WHAT NEEDS TO BE DONE - Which lines of the records contain the word "agro"? Copy each one.

Items from a dataset

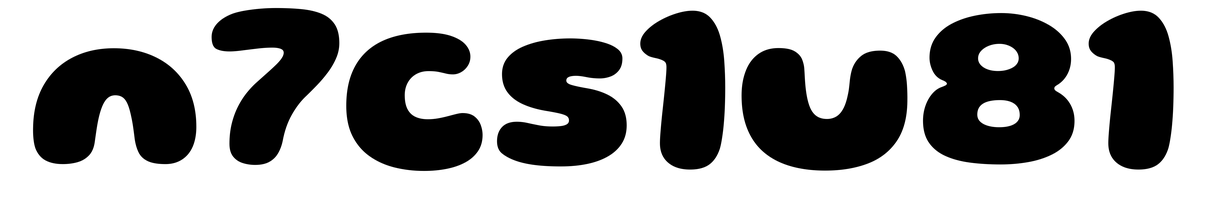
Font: Gluten_ExtraBold
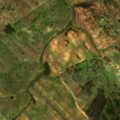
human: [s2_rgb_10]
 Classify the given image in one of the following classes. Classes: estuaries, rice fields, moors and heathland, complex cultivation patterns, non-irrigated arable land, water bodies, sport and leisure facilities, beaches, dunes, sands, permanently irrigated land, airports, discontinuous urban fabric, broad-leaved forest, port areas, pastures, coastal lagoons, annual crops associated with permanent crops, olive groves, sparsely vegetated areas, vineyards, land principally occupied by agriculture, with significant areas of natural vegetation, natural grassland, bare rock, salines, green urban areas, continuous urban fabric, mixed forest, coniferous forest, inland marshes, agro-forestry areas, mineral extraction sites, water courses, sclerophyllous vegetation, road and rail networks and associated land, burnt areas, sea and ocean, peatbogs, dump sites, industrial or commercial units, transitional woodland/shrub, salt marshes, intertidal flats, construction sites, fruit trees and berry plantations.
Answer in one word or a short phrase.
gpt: non-irrigated arable land, pastures, agro-forestry areas, sclerophyllous vegetation, transitional woodland/shrub
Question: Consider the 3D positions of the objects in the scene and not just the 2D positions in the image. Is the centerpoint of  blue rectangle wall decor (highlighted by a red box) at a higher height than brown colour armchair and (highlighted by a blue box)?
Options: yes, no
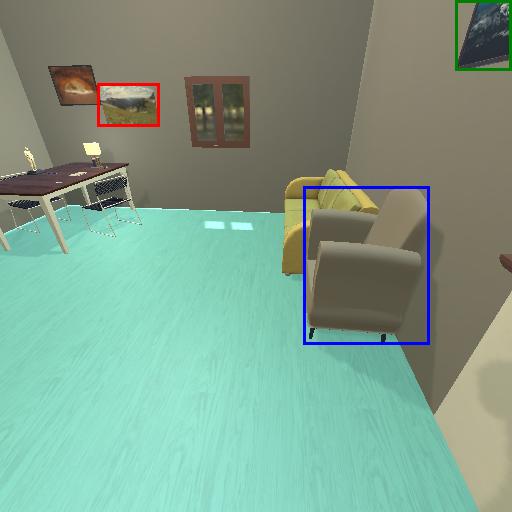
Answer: yes
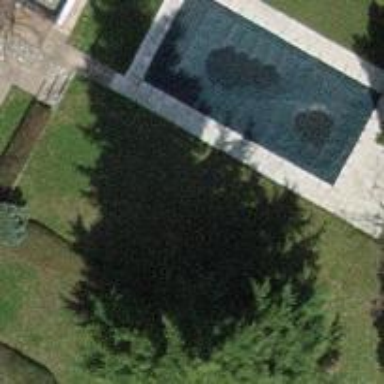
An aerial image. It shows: Swimming pool located in leisure land.
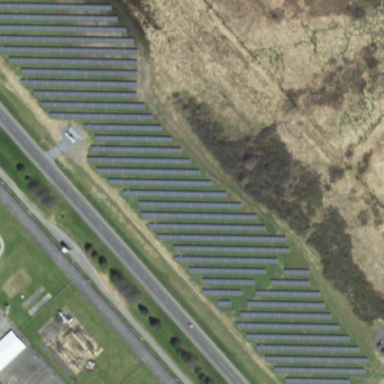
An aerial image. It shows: Solar power plant using photovoltaic technology to generate electricity.
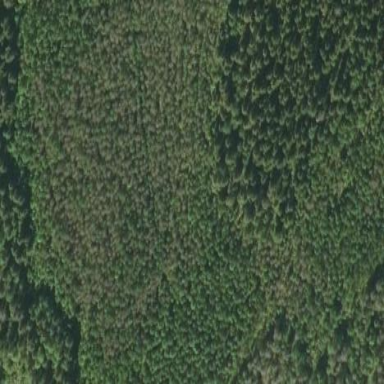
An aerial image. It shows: Woodland with needle-leaved trees.
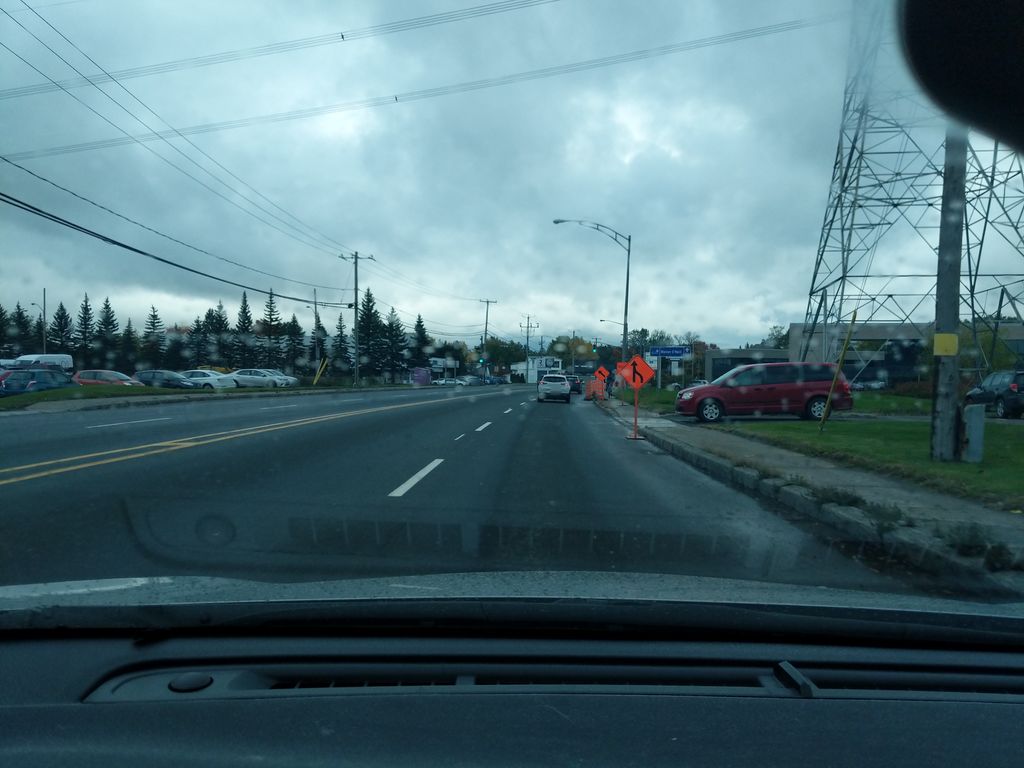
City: quebec_city
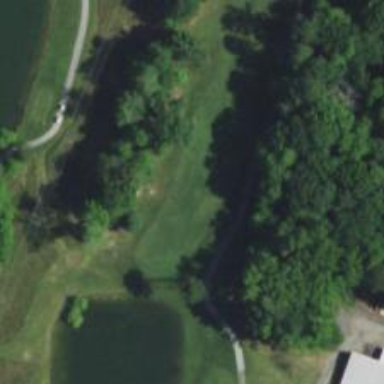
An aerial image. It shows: View of golf hole.
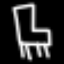
Label: chair
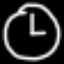
Label: clock
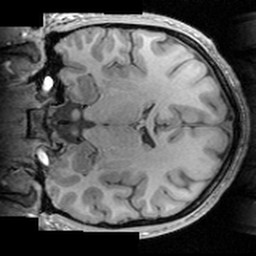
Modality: T1w
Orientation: coronal
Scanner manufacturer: siemens
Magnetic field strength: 3 T
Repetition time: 1.63 s
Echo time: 0.00311 s
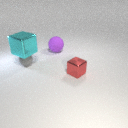
large purple rubber sphere behind small gray rubber sphere
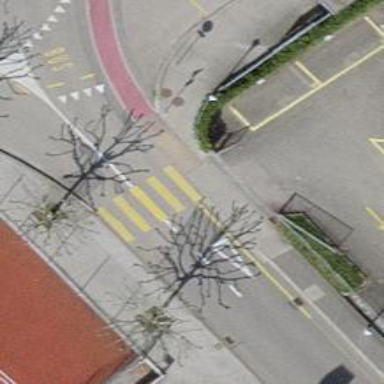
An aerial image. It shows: Zebra crossing on the road.
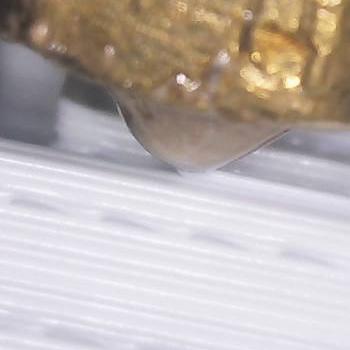
Flow rate: 59%
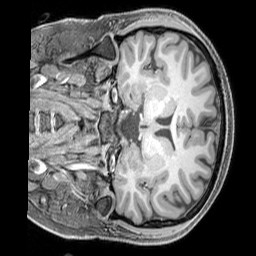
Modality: T1w
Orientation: coronal
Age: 21
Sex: female
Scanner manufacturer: siemens
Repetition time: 2.3 s
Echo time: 0.00226 s
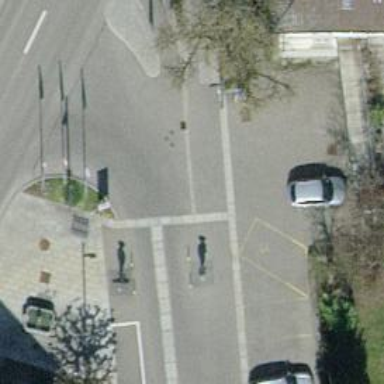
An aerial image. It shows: Living street with asphalt surface and opposite cycleway.
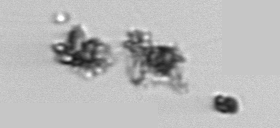
Label: Thalassiosira_TAG_external_detritus
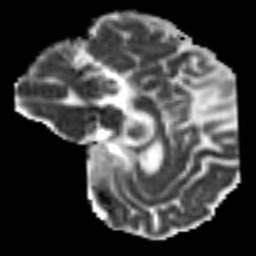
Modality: MD
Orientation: sagittal
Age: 56
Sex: male
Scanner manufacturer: siemens
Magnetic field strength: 3 T
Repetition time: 7.3 s
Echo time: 0.087 s
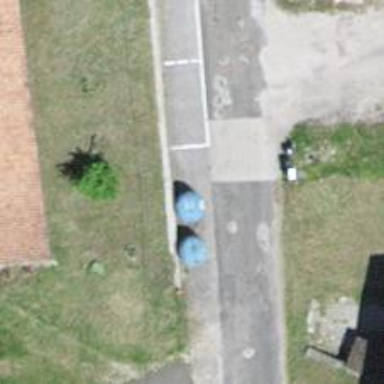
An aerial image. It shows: Recycling container in the area designated for recycling.
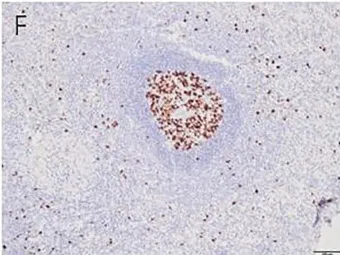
KI67 showed high expression in the germinal center and low expression outside the germinal center (F). Magnification x100 (panels A); x200 (B-F).
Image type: pathology (immunostaining)
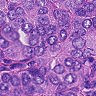
Metastatic tissue present: yes
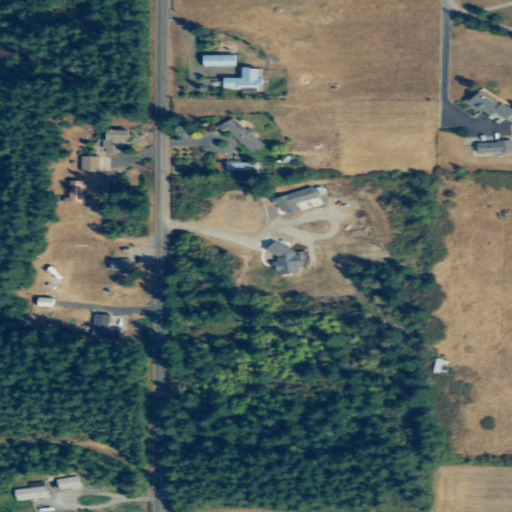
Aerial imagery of mountain in Washington named Scenic Heights containing pasture, evergreen forest, low intensity development, mixed forest, barren land, open development, and medium intensity development
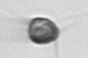
Label: Acanthoica_quattrospina
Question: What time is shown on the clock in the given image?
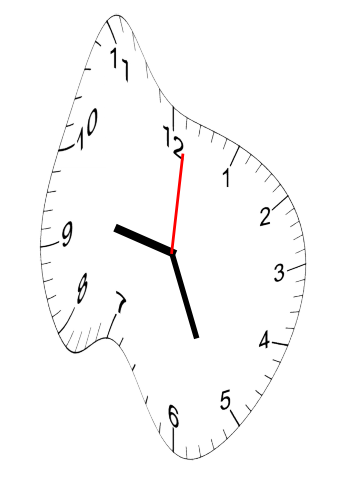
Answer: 09:26:01
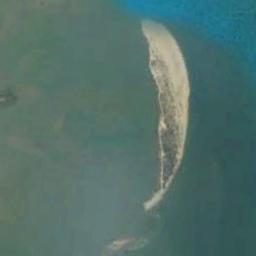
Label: island
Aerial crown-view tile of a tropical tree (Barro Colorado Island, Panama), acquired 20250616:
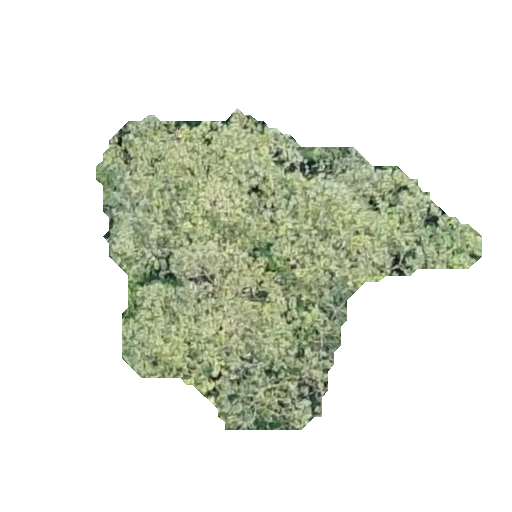
Species: Luehea seemannii
GBIF accepted scientific name: Luehea seemannii
Crown area: 107.454 m²
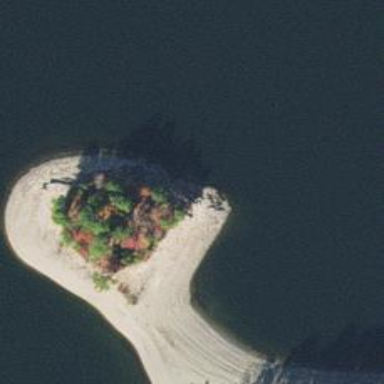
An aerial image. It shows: Islet.
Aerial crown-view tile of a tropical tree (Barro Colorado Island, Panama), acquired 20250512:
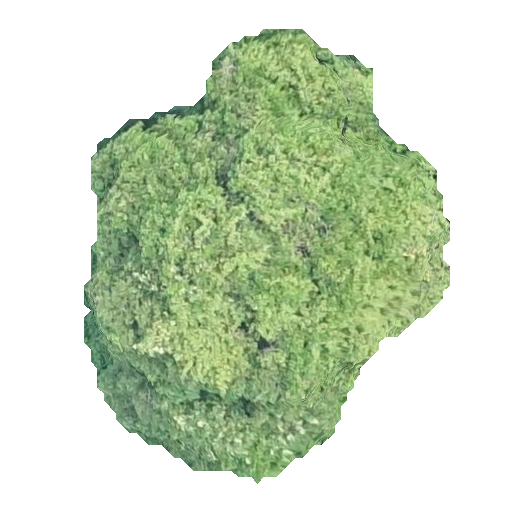
Species: Prioria copaifera
GBIF accepted scientific name: Prioria copaifera
Crown area: 167.747 m²
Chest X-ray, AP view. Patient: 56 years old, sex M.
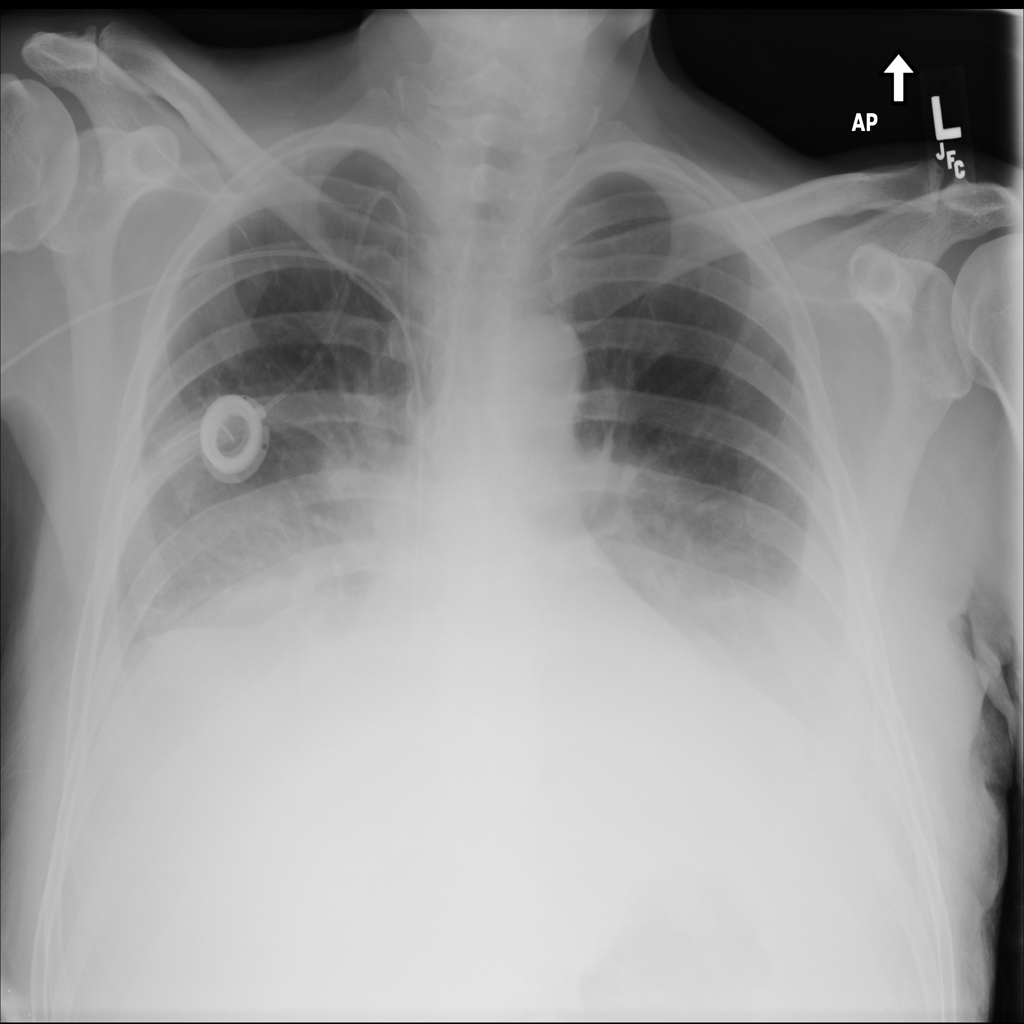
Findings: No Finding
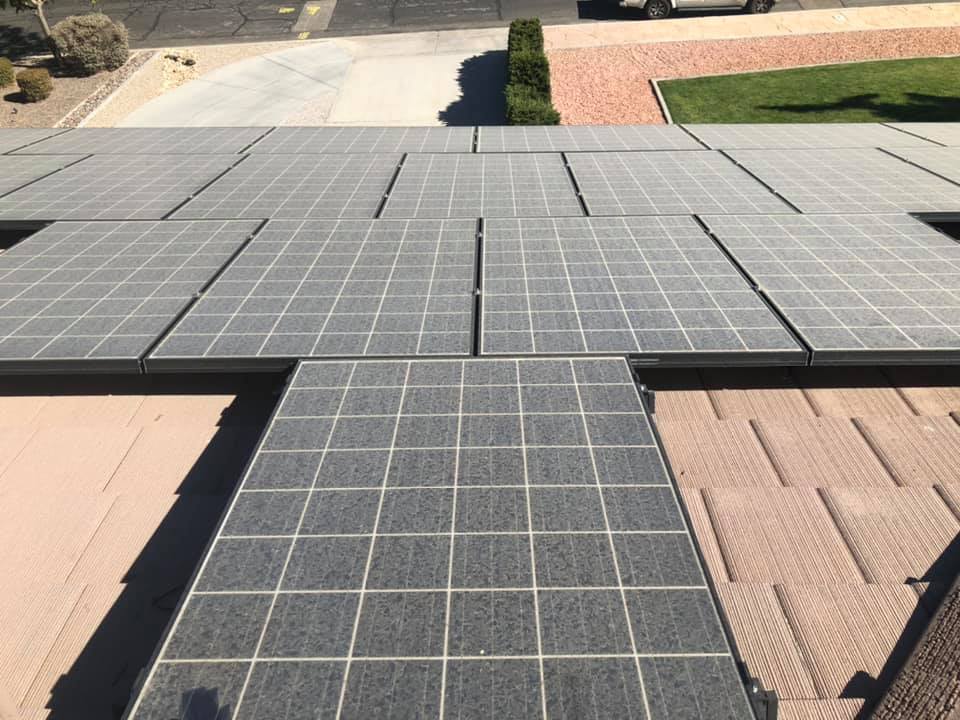
Label: Dusty
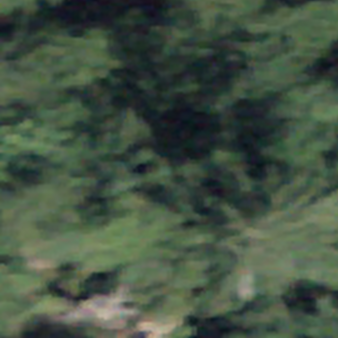
Label: other
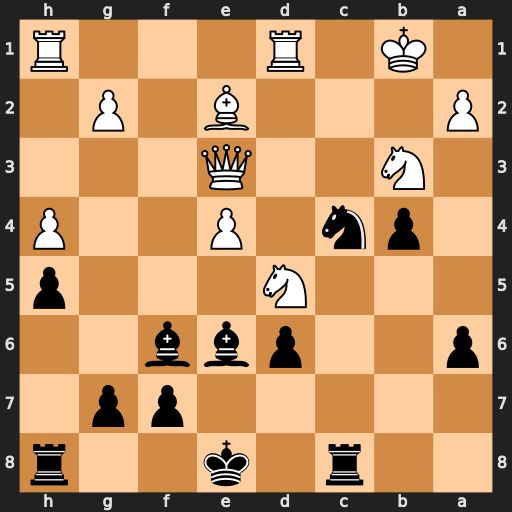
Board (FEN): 2r1k2r/5pp1/p2pbb2/3N3p/1pn1P2P/1N2Q3/P3B1P1/1K1R3R
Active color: b
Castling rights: k
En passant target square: -
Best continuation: Na3#
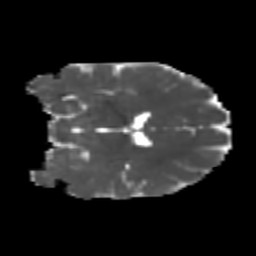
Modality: MD
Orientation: coronal
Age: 23
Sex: male
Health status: healthy
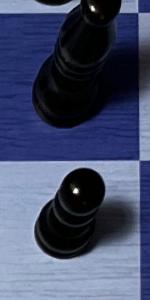
Label: Pawn_Black

SOLUTION TO THE PROBLEM -
 Classify the given image in one of the following classes. Classes: estuaries, rice fields, moors and heathland, complex cultivation patterns, non-irrigated arable land, water bodies, sport and leisure facilities, beaches, dunes, sands, permanently irrigated land, airports, discontinuous urban fabric, broad-leaved forest, port areas, pastures, coastal lagoons, annual crops associated with permanent crops, olive groves, sparsely vegetated areas, vineyards, land principally occupied by agriculture, with significant areas of natural vegetation, natural grassland, bare rock, salines, green urban areas, continuous urban fabric, mixed forest, coniferous forest, inland marshes, agro-forestry areas, mineral extraction sites, water courses, sclerophyllous vegetation, road and rail networks and associated land, burnt areas, sea and ocean, peatbogs, dump sites, industrial or commercial units, transitional woodland/shrub, salt marshes, intertidal flats, construction sites, fruit trees and berry plantations.
gpt: non-irrigated arable land, pastures, agro-forestry areas, sclerophyllous vegetation, transitional woodland/shrub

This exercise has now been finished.